**Problem details:** Check every line of the data below for "order". Copy each one that has it.

**Exercise data:**
━━━━

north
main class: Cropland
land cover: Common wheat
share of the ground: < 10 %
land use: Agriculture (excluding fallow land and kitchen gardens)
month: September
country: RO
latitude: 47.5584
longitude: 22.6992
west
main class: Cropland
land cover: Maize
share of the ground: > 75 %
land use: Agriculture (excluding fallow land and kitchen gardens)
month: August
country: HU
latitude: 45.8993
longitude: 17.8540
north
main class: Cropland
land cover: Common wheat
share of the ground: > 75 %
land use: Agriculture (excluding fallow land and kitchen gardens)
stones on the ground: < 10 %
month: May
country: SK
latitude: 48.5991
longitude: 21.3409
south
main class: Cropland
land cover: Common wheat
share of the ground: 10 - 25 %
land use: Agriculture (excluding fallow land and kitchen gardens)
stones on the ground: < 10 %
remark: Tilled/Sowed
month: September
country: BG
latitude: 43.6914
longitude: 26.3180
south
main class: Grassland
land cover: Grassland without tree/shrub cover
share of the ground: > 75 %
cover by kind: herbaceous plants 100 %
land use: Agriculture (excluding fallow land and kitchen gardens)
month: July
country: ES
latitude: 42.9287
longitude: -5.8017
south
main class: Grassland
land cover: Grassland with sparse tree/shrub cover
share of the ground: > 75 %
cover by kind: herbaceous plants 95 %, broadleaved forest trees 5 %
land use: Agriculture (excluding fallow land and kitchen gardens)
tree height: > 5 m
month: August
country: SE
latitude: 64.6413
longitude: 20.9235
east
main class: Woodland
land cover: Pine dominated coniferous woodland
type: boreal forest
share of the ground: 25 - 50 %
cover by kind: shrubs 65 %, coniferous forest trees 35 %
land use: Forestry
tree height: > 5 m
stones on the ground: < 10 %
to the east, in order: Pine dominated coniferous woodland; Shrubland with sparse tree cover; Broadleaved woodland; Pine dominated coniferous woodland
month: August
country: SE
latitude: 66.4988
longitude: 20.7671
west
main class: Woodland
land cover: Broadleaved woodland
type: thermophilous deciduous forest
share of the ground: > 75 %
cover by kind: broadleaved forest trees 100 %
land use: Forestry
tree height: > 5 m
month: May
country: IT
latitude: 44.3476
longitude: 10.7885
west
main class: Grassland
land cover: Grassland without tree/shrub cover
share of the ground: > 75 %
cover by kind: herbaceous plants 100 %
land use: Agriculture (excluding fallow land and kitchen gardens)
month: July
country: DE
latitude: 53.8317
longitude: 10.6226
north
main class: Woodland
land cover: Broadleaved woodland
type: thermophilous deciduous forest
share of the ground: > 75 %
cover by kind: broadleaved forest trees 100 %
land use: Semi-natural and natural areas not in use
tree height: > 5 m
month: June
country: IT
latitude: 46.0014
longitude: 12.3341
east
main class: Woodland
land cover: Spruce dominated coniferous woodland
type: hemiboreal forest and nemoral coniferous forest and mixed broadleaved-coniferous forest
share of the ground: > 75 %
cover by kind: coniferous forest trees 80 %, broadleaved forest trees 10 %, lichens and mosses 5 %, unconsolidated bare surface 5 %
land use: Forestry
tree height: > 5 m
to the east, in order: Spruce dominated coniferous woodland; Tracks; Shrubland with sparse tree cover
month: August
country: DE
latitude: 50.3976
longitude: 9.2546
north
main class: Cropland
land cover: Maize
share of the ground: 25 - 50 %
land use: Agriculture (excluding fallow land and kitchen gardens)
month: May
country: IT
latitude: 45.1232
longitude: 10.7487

━━━━

**Worked solution:**
to the east, in order: Pine dominated coniferous woodland; Shrubland with sparse tree cover; Broadleaved woodland; Pine dominated coniferous woodland
to the east, in order: Spruce dominated coniferous woodland; Tracks; Shrubland with sparse tree cover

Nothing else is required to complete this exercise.